Issue #178 - Length-based Overfitting in Transformer Models
Neural Machine Translation (NMT) has achieved impressive progress nowadays, but there are still some challenges that remain to be explored. Many people may have noticed that neural-based MT systems normally perform worse on very long sequences. Some previous research explored the weaknesses of RNN models with respect to long sequence modeling, but similar studies have yet to be done for Transformer models. In this post, we review a paper by Variš and Bojar (2021) which suggests that this issue might be caused by the mismatch between the length distributions of training data and evaluation set.
Experiment with String Editing Operations
In order to directly investigate the impact of the sequence length in the training data on the model performance without any struggle in evaluation ambiguity, the first experiment focuses on building a simple model trained with sequences consisting of only two characters: 0 and 1. All sequences are unique (no duplicates) and separated by whitespaces. The goal of this model is to translate these sequences following the tasks listed below:
- copy: copy the input sequence to the output.
- unshift X: add a single character X (0 or 1) to the beginning of the sequence.
- push X: add a single character X (0 or 1) to the end of the sequence.
- shift: remove a single character from the beginning of the sequence.
- pop: remove a single character from the end of the sequence.
- reverse: reverse the character order in the input sequence.
The whole dataset is split into three buckets based on length range: 0-10, 11-15, 16-20. The model is trained only with data from the bucket range 11-15. They split the data from this range into three parts: 28K for training, 1K for validation and 1K for testing. Additionally, they sample 1K from the 0-10 range and 1K from 16-20 range for the evaluation. They train a separate model (Transformer-based) for each of the tasks mentioned above, so the training data size is the same (28K) for all the task models. All of the data for each task type is marked with a label at the beginning of each sequence on the source side: character (label name followed by 0, 1 for unshift and push, − for others), and a separator (|).
The model is evaluated by accuracy ACC = num_correct/num_examples. Table 1 shows the results on each task across different length buckets. We can see that the model produces high accuracy on the test set from the same length range as the training data, while the performance drops dramatically on the other buckets.
Experiment with MT in Real Scenario
To test whether the findings from the first experiment is aligned with real scenario MT, the authors also train a Transformer-based Czech-English MT system following the similar pattern. After the tokenization and BPE segmentation, the whole dataset is split into buckets of sizes 1-10, 11-20, ..., 91-100 based on the sequence length of the target side. Table 2 shows the sizes of the respective training corpora.

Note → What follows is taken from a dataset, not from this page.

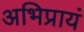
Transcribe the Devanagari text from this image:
अभिप्रायं
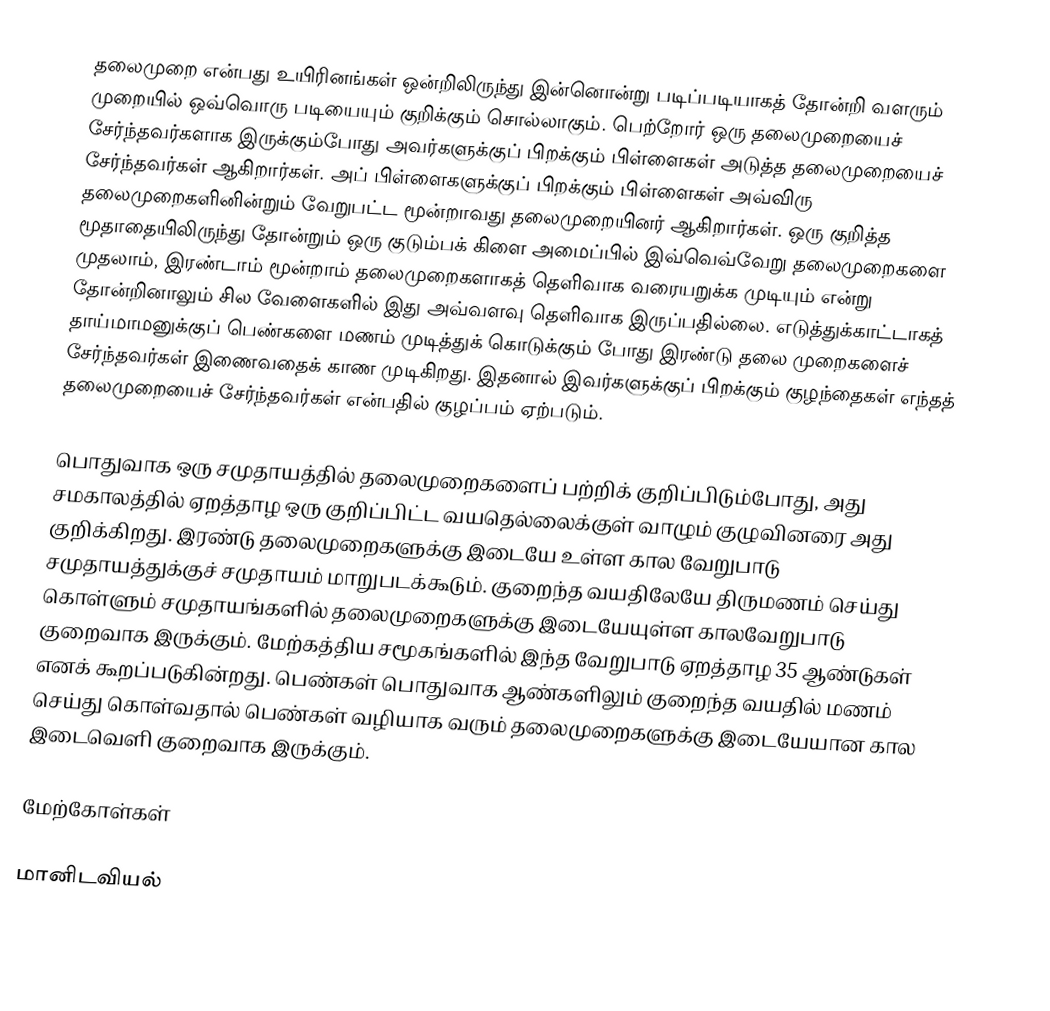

A separate model is trained for each length bucket. All models are evaluated on test sets from different length buckets using sacreBLEU metric. These test data are extracted from the concatenation of WMT2020. According to the top part of Figure 1, it is obvious that the models perform better when translating data of target-side length similar to the training length bucket. This confirms that the model overfits to the length of the training data, it significantly affects the performance on those sequences from the buckets that are far from the training one. Note that the results across different test buckets are not directly comparable as they are different data sets. The bottom part of Figure 1 shows the average ratio between a hypothesis and reference. Systems trained with smaller length buckets produce shorter outputs, while the systems trained with bigger buckets can produce up to 10x longer outputs. Similar to Kondo et al. (2021), the authors also try to improve model performance on very long sentences by adding more synthetic data which is created by concatenating shorter training sequences. The result shows that the synthetic data can lead to a performance similar to the model trained on the genuinely longer sentences.
Figure 1: Top: Varying performance of Transformers on test data trained only on the data from a specific target side length bucket (various lines) when evaluated on a specific test bucket (x-axis). Bottom: Average ratio between a hypothesis and reference. Dashed line indicates a ratio of 1.0.
The length-controlled experiments by Variš and Bojar (2021) demonstrate that Transformer models can generalize very well to unseen examples within the same length bucket but fail at similar tasks from different length buckets, shorter or longer. The results imply that the power of Transformer models may come from its ability to exploit the similarities between training and evaluation data.